Eleanor Roosevelt to Orson Welles4
Eleanor Roosevelt to Orson Welles4
30 December 1945 [New York City]
Dear Mr. Welles:
It seems to be the fate of the Yugoslav people to fight with odds massed against them. In war, they held back twenty Axis divisions with captured weapons and with bare hands.5 In peace, they are forced to fight hunger, disease and cold without even the barest essentials of food, medicine and clothing.
During the four years of their Resistance, we were unable to supply them with a single gun, a single tank. Today they need our help more. You can conquer an enemy with bare hands. But can you feed a child with empty hands?
It was with such thoughts that I recently accepted the honorary chairmanship of the American Committee for Yugoslav Relief, an organization that is doing a vital job well.6 I would like, before leaving tomorrow for UNO conference in London,7 to do some one thing that will enable the committee to work even more effectively.
I am convinced that it is people who are the ultimate explanation of achievements in any field. Therefore, I am inviting a few distinguished fellow-Americans to join our Board of Trustees and I would welcome your association with us in this worthy work.8
I know you are engaged in many other admirable activities,9 but I hope you will nevertheless accept since so much can be done in exchange for so very little of your time.
If you would write me in care of the Committee (235 East 11th Street, New York City) while I am in Europe, your answer will reach me promptly.
Best wishes for the New Year—
TLS WELL, IULL
1. Spelling error in the original.
2. MD, 24 December 1945. For a sample of ER's previous statements on Yugoslavia see MD, 11 September 1945.
3. "Welles to Head Jazz Concert," NYT, 31 December 1945, 12; "Program of Jazz Traces Its History," NYT, 2 January 1945, 28.
4. Orson Welles (1915–1985), the actor, co-writer, and director of the landmark American film Citizen Kane and the star of the radio play "The War of the Worlds," which convinced thousands of Americans that Martians had successfully invaded New Jersey, first met FDR through his work with the Federal Theatre Project.

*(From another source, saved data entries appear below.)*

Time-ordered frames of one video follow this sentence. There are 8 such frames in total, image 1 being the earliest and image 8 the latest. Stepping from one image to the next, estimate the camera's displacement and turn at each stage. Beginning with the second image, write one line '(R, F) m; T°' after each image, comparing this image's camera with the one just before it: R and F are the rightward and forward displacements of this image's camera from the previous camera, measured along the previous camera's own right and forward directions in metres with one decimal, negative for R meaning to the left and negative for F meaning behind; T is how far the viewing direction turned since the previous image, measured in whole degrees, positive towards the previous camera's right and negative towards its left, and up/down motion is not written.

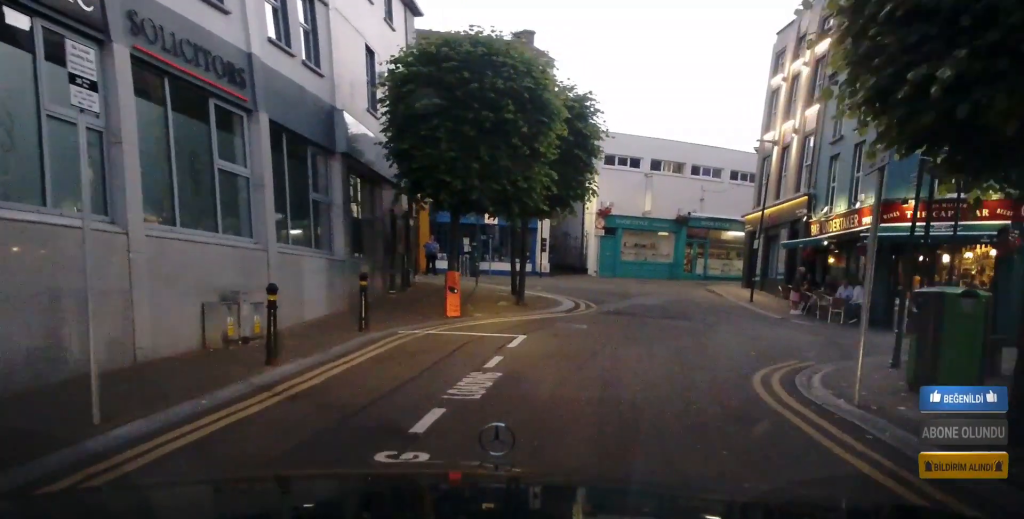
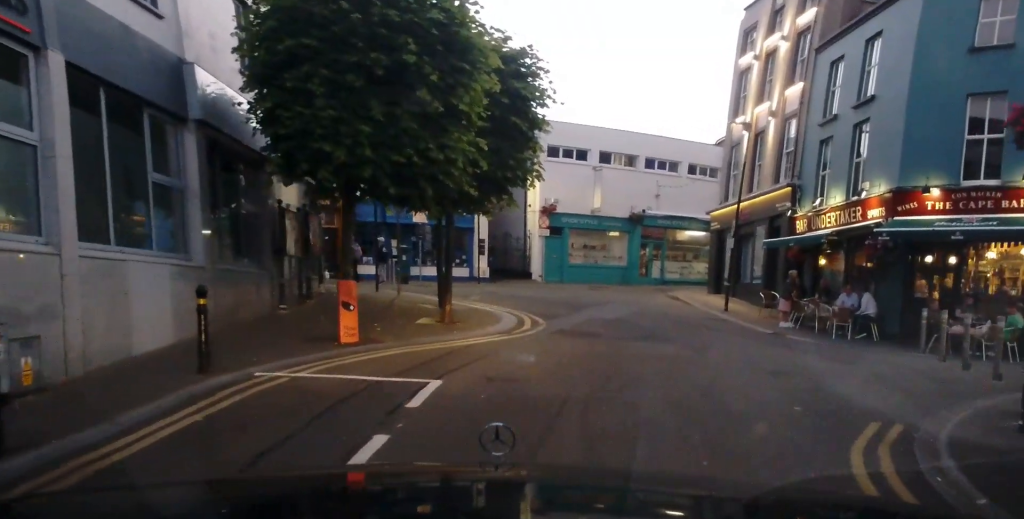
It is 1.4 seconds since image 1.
(+0.2, +4.6) m; +6°
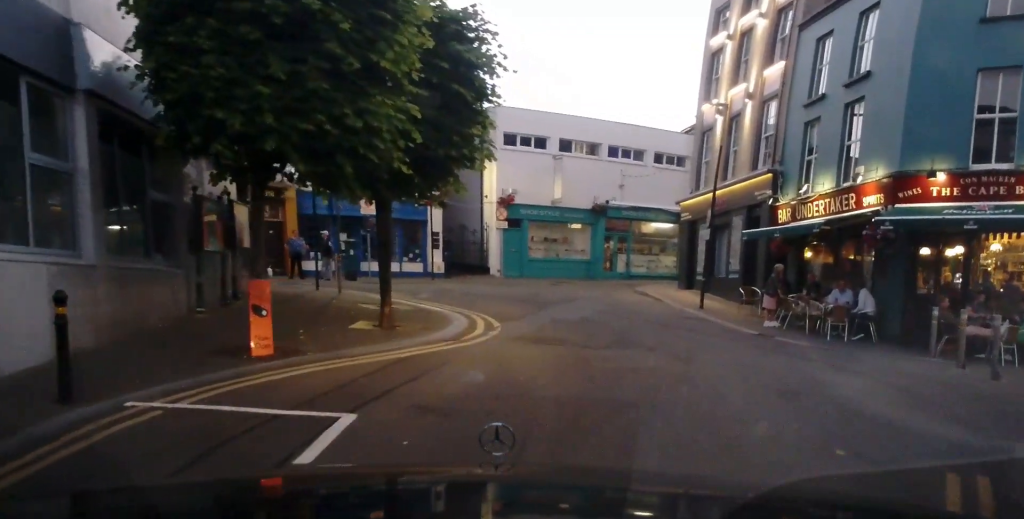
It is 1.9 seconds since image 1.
(-0.3, +2.0) m; +5°
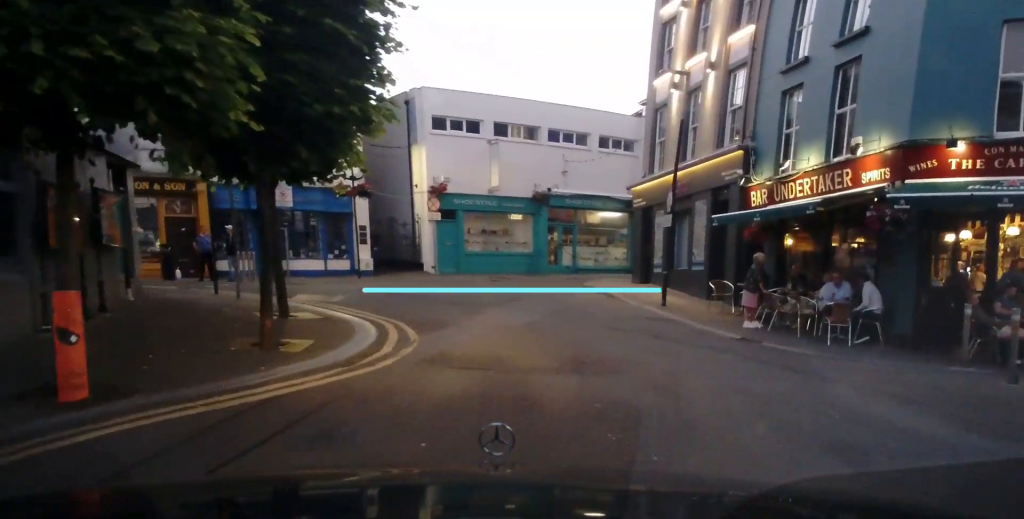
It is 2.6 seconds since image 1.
(+0.7, +3.2) m; +5°
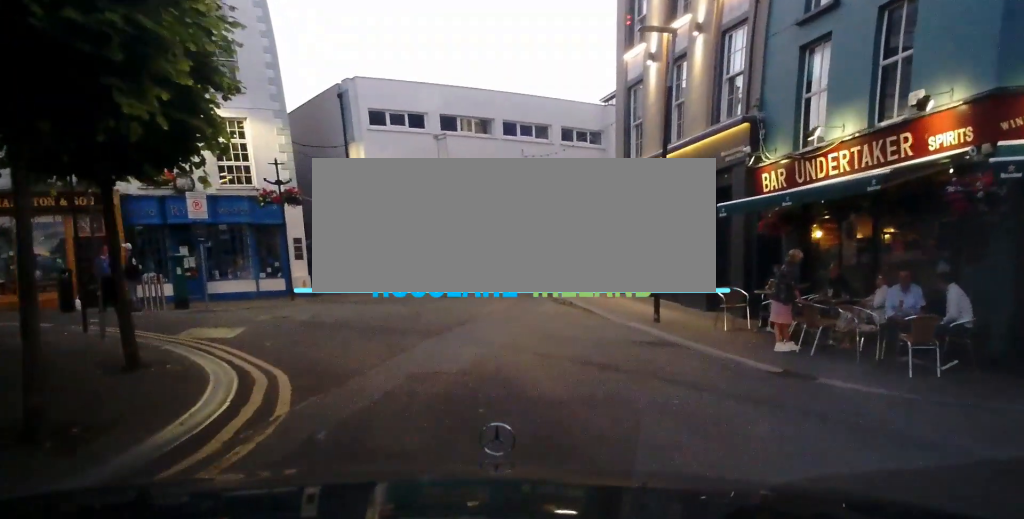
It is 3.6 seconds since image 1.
(-0.1, +4.3) m; -3°
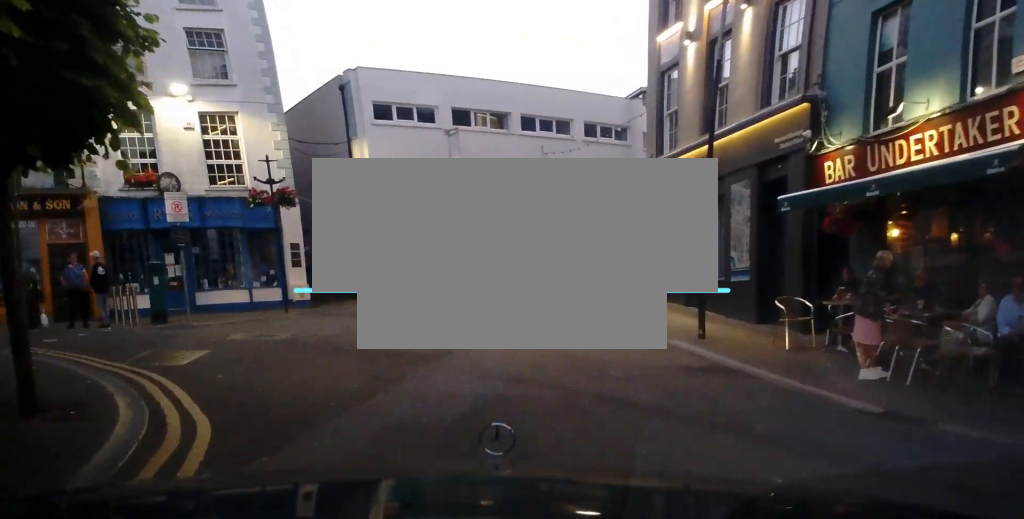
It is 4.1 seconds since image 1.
(-0.1, +2.4) m; -4°
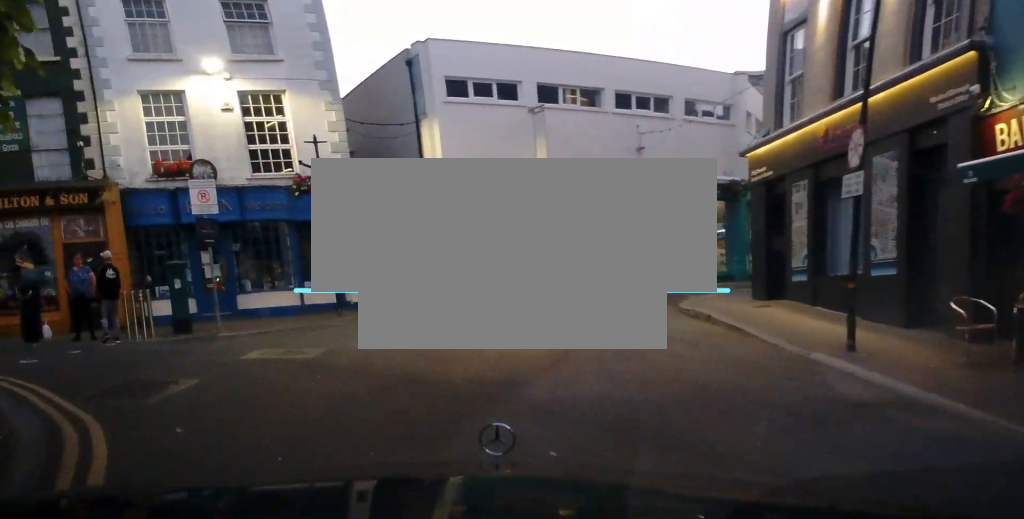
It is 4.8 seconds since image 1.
(+0.1, +2.9) m; -5°
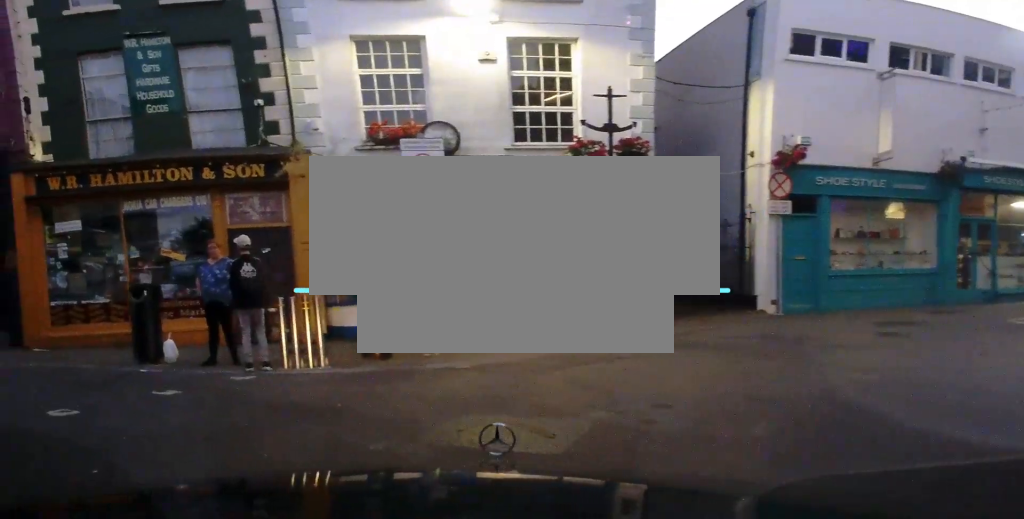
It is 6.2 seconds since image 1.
(-0.9, +5.0) m; -20°

Welles lent his directorial skills to the administration by editing some of FDR's speeches, serving as script consultant to the Treasury Department, and promoting the fifth War Loan drive. Recognizing Welles's unique ability to attract voters, FDR asked him to broadcast a nationwide address for the Democratic National Committee the night before the 1944 election (Leaming, 185-86, 280-84, 291-94).
5. In the spring of 1941, the German invasion of Russia stalled when the Yugoslavs refused to honor the agreement their government signed making Yugoslavia a satellite of Nazi Germany. Following an internal coup and a subsequent German invasion in April, the Nazis divided Yugoslavia among their allies (Italy, Bulgaria, and Romania). However, a Yugoslav Communist, Josip Broz ("Tito") (1892–1980) organized a joint Serbo-Croatian resistance movement that with Western aid waged a remorseless guerrilla war that led to the liberation of Yugoslavia—and the destruction of Tito's enemies—in 1944. In 1945 Tito established a Communist government in the country with Soviet help (OEWH, 739; Dziewanowski, 251, 288; Leckie, 225-26, 724-26; "Tito: The Fighter-Survivor Who Unified a Country," NYT, 5 May 1980, A13).
6. The committee began its work May 10, 1941, when twelve Yugoslav fraternal groups joined forces to raise money to send relief supplies to Yugoslavia in the immediate aftermath of what FDR termed the "barbaric invasion" of their homeland. By the time ER joined the organization, Zlatko Balokovic served as president. In addition to collecting supplies and raising monies, the committee also urged UNRRA to address the Yugoslav crisis. By summer 1946, Welles and several other of ER's associates had joined the board: Jo Davidson, Melvyn Douglas, Fiorello La Guardia, Philip Murray, Mary McLeod Bethune, Mrs. Marshall Field, Channing Tobias, and Miriam van Kleeck (Michael N. Nisselson to ER, 25 September 1945, AERP).
7. The first session of the UN General Assembly, which opened on January 10, 1946 (Meisler, 358).
8. Early in January 1946 Welles spoke on behalf of the committee in New York (Higham, 227).
9. Welles harbored his own political ambitions. In October 1943, he published the first in a series of articles for Free World, a political journal "devoted to democracy and world affairs." He then began an unsuccessful stint as a daily political columnist for the New York Post (which had ended in November 1945) and was preparing to put his political views on the air with a nationally syndicated weekly radio broadcast. His fame led to much speculation, ranging from Free World publisher Louis Olivet's suggestion that he should be secretary-general of the United Nations to several rumors that he would seek to represent California or Wisconsin in the US Senate (Leaming, 299-304, 306-9, 316-17).